Abrams, a deputy national security adviser to President George W. Bush and now a senior fellow for Middle Eastern studies at the Council on Foreign Relations, warns the Obama administration to avoid actions that would disrupt U.S. mediation. These, he asserts, include intruding in a way that transforms direct, bilateral talks into a trilateral affair, and seeking a “framework” agreement within the president one-year deadline. “All this cannot possibly happen,” Abrams says, “until a final-status agreement is signed and implemented. Asking the parties to announce their ‘fundamental compromises’ on the core issues when a final-status agreement is years away is asking them to commit political suicide.” Read here

Arab-Israeli revisionism

As if to strengthen its pro-Palestinian or anti-Israeli tilt, The Post Op-Ed page countered Abrams’ piece with “Palestine’s inevitable independence; Even if peace talks fail, a state must be formed,” by Daoud Kuttab, on September 7. Kuttab, journalist, predictable voice of Palestinian “moderation” and frequent guest of Post Op-Ed pages, offers a revisionist history of Palestinian-Israeli talks.

* He claims that “history is a witness to the lack of Palestinian accomplishments in incremental negotiations.” Actually, the history of Oslo-era Israeli-Palestinian talks bears witness to repeated Palestinian agreement to end anti-Israel terrorism, end anti-Israeli incitement, and resolve outstanding issues through negotiations — and repeated violations of those primary commitments.
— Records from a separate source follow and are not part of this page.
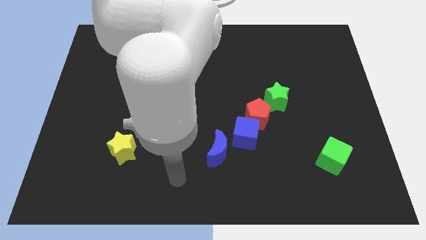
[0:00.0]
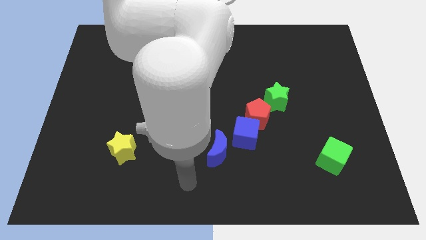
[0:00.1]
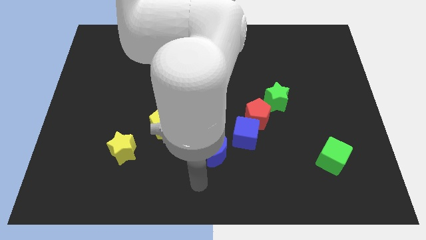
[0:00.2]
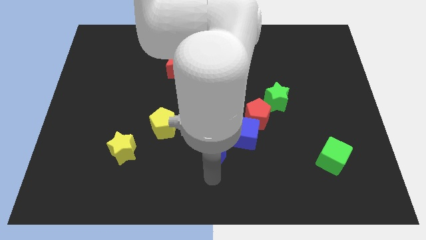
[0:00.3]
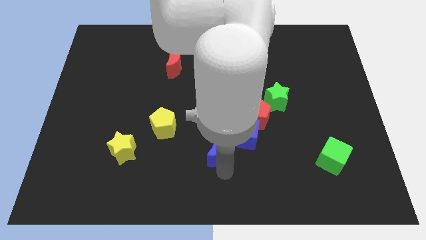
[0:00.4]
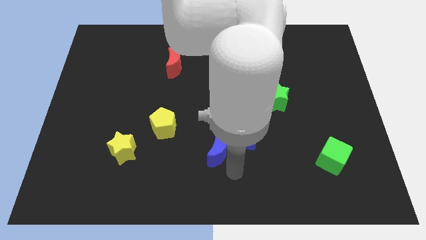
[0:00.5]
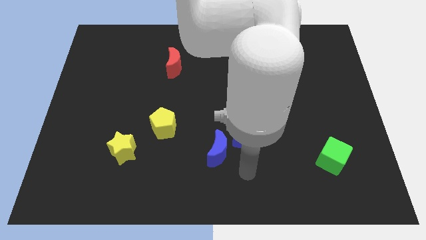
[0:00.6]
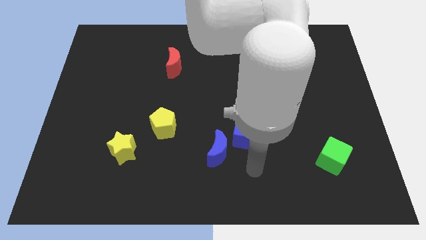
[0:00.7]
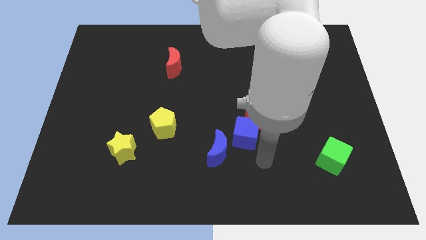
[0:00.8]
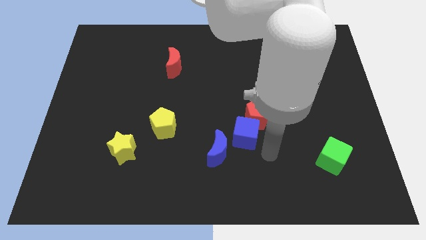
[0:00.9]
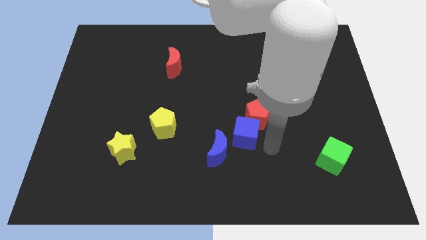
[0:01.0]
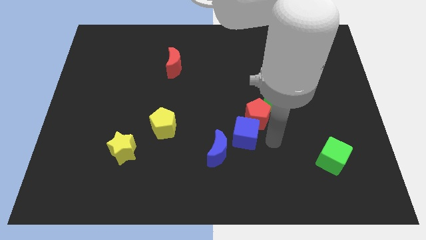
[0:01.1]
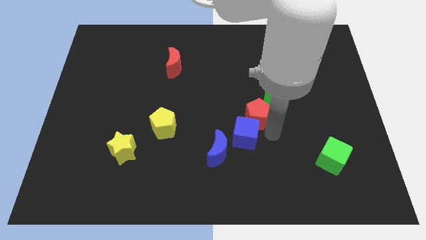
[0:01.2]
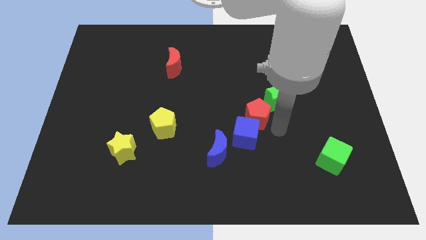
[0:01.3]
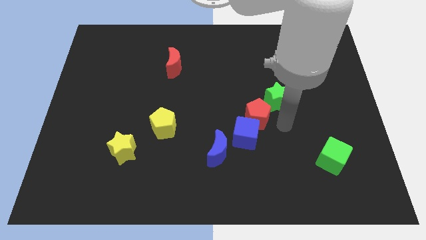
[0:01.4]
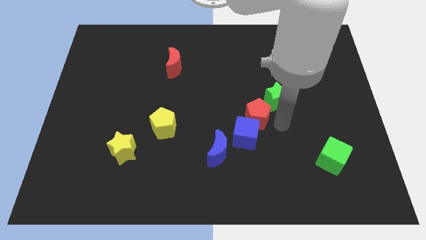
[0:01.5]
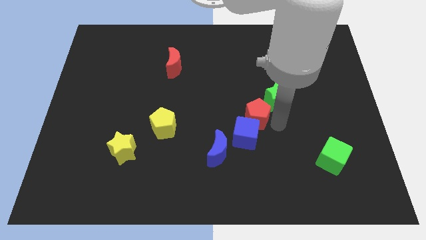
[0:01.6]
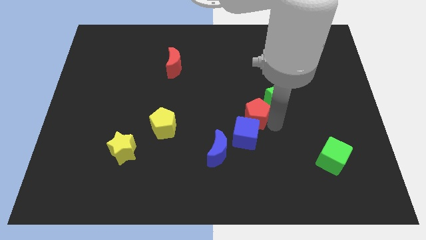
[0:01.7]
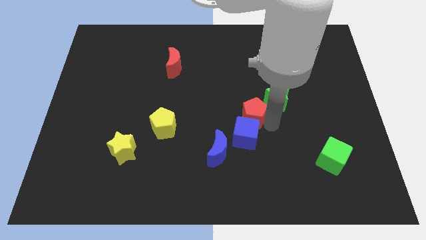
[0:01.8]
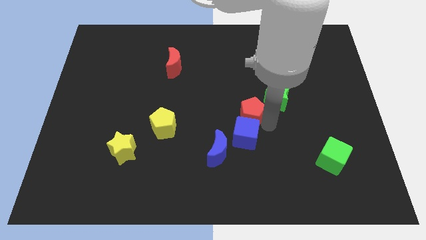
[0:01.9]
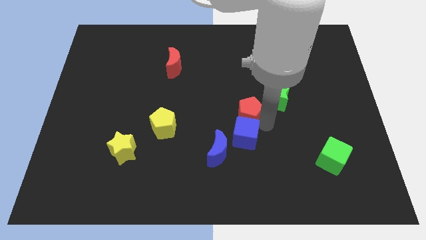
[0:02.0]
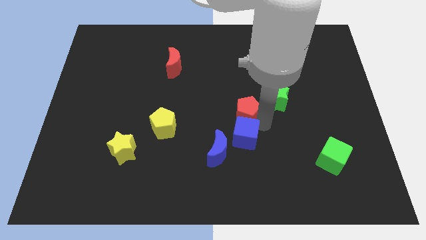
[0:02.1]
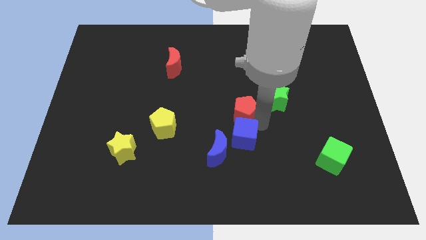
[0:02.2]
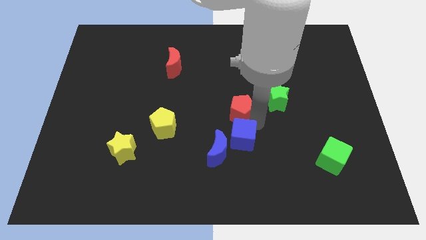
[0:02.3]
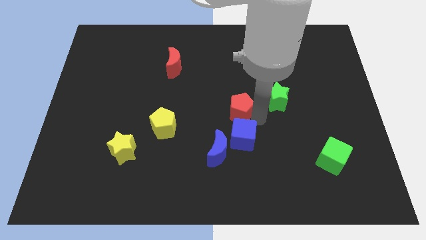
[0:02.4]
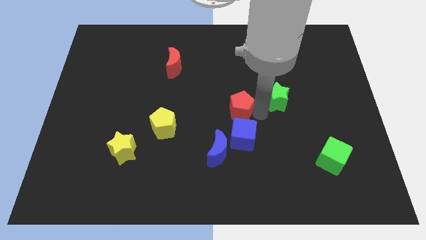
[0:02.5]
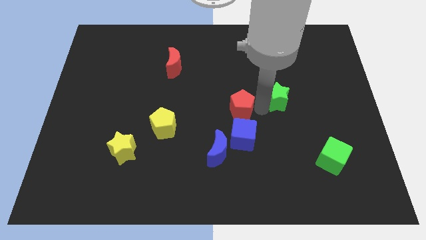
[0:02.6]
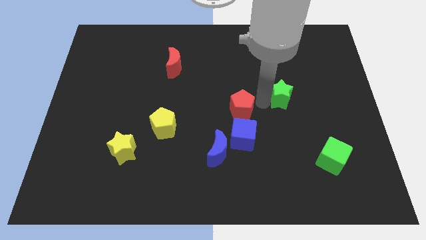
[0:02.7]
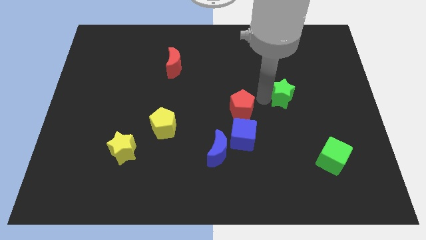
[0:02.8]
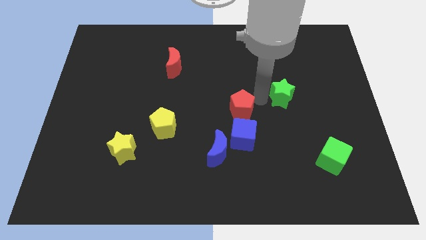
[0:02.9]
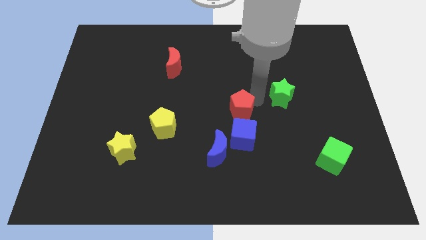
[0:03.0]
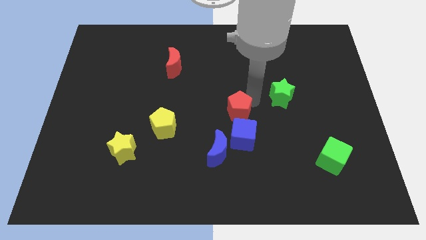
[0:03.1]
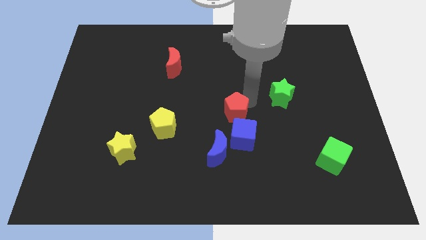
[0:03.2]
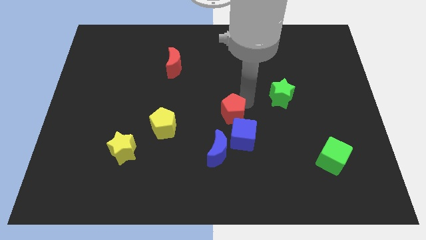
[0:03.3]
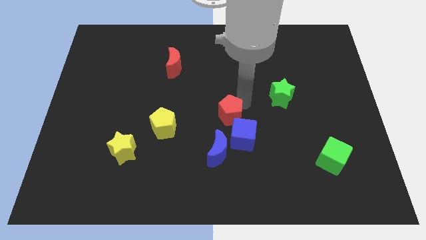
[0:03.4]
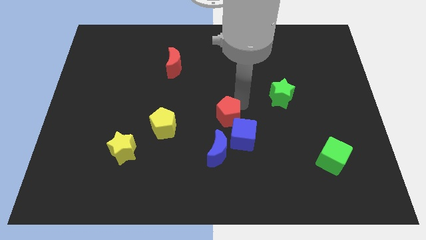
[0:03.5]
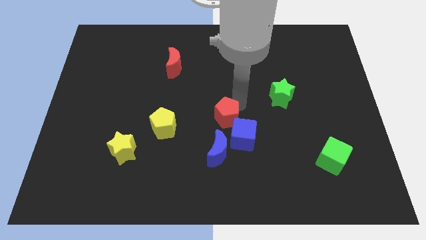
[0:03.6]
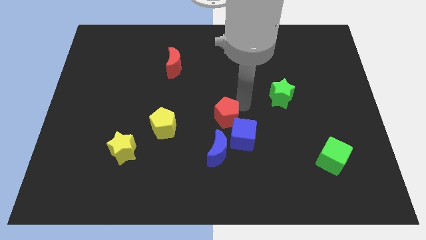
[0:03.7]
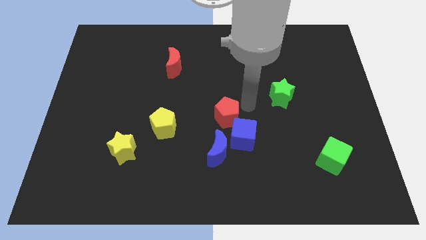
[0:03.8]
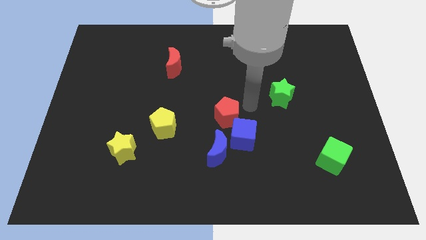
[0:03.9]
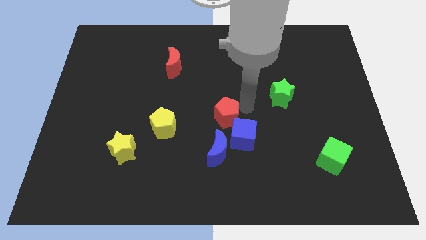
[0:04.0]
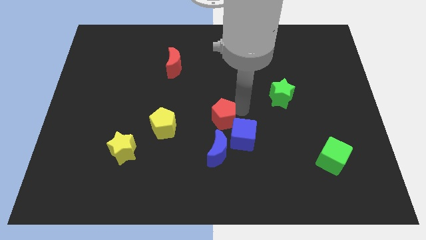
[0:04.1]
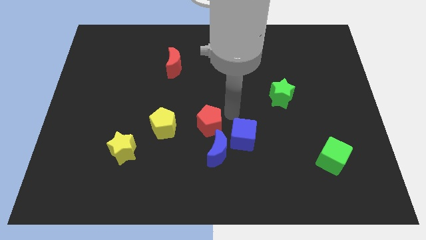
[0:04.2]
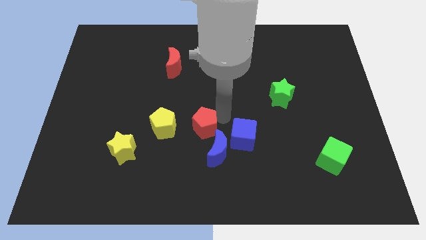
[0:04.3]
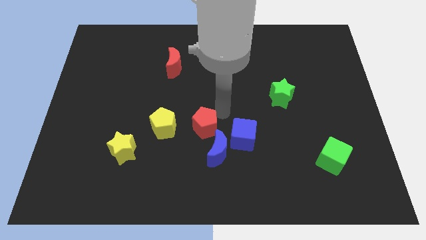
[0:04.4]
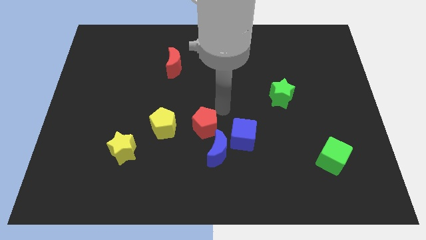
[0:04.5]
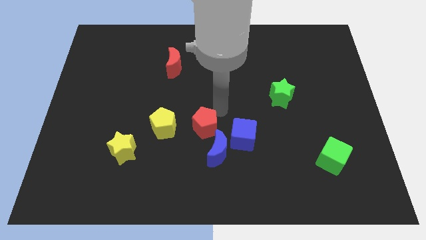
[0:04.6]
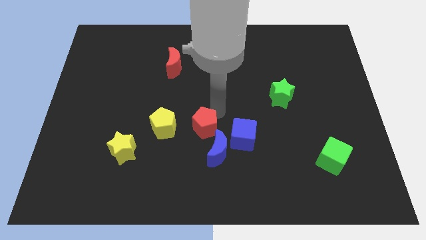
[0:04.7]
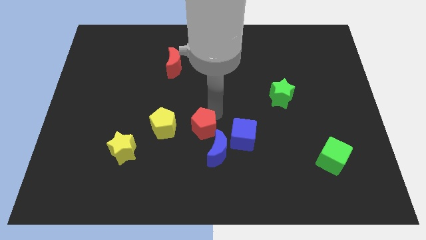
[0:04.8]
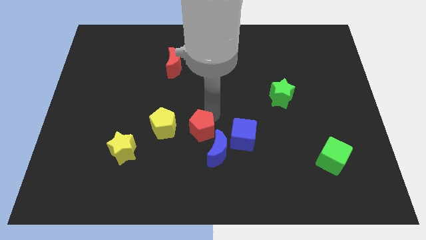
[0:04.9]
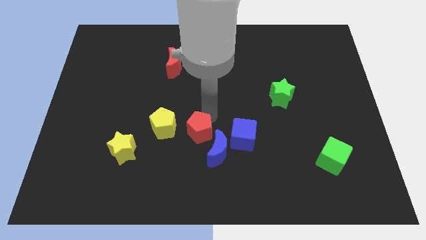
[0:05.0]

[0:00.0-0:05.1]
slide the red pentagon diagonally down and to the right of the yellow pentagon

Kuttab acknowledges that “the Palestine Liberation Organization long pursued a dual strategy of military resistance [terrorism] and politics ….” but won’t say that this duplicity destroyed the considerable Palestinian economic progress of the early Oslo period.
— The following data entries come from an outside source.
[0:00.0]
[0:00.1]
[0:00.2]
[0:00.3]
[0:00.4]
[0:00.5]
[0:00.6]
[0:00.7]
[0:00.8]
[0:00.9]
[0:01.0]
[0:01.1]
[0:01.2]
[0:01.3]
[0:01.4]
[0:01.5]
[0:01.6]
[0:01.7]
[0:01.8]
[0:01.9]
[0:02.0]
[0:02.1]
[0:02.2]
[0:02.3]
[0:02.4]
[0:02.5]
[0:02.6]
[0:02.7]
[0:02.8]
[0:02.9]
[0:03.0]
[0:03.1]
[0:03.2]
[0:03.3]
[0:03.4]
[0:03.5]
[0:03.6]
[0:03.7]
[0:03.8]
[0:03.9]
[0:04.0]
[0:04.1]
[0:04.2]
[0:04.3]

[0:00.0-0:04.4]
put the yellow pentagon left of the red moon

* Kuttab claims that “… today’s Palestinian leaders have clearly opposed any form of violence.” He mentions neither Hamas, which rules that half of the Palestinian Arab population that lives in the Gaza Strip, nor the numerous statements by PA leaders in the West Bank to the effect that anti-Israel violence is not wrong but simply inopportune. And he refers misleadingly to the “international divestment campaign,” simply as non-violent rather than as part of PA-supported effort to delegitimize the Jewish state.

* Kuttab, continuing his transparent attempt at anti-Israel judo, claims “Palestinians have good reason to be skeptical about Israel’s sincerity when it comes to peace. Chief among them: Israel’s heavy-handedness in Gaza and its continued violations of international law by building Jewish-only buildings in occupied Jerusalem and the West Bank.” Read here.
Except that Israel is not heavy-handed in Gaza, Hamas is. It has both imposed increasingly strict Islamist rule on residents and resumed anti-Israel terrorism. Israeli actions regarding the Strip have included the 2008 – 2009 “Operation Cast Lead,” with its generally successful efforts to limit non-combatant casualties, and a blockade that always permitted large-scale humanitarian assistance and is increasingly flexible.

Israeli construction in the disputed West Bank and in Jerusalem is, regardless of wide-spread political opinion, legal under relevant international law, particularly the League of Nations Palestine Mandate, article 6; the U.N. Charter, article 80; and, by implication, U.N. Security Council Resolution 242.

Editorial on target

It’s not that the staff of the editorial pages doesn’t know better. The September 8 lead editorial, “The Hamas murders: How can Palestinian extremists be stopped from disrupting peace negotiations?” noted correctly that “violence by Hamas in the West Bank serves to underscore one of the central Israeli concerns about a peace settlement: that under Palestinian rule the West Bank could become another base for attacks on Israel, as Gaza is.”

The editors opined that “Abbas has been convincing in his renunciation of violence and in his opposition to Hamas. He has promised repeatedly to fight terrorism. But if the talks are to succeed, it is essential that he match intentions with actions.”

Why isn’t the factual accuracy and analytical logic shown in The Post editorial required of its pro-Palestinian and anti-Israel outside Op-Ed contributors? It’s an old question, and still unanswered.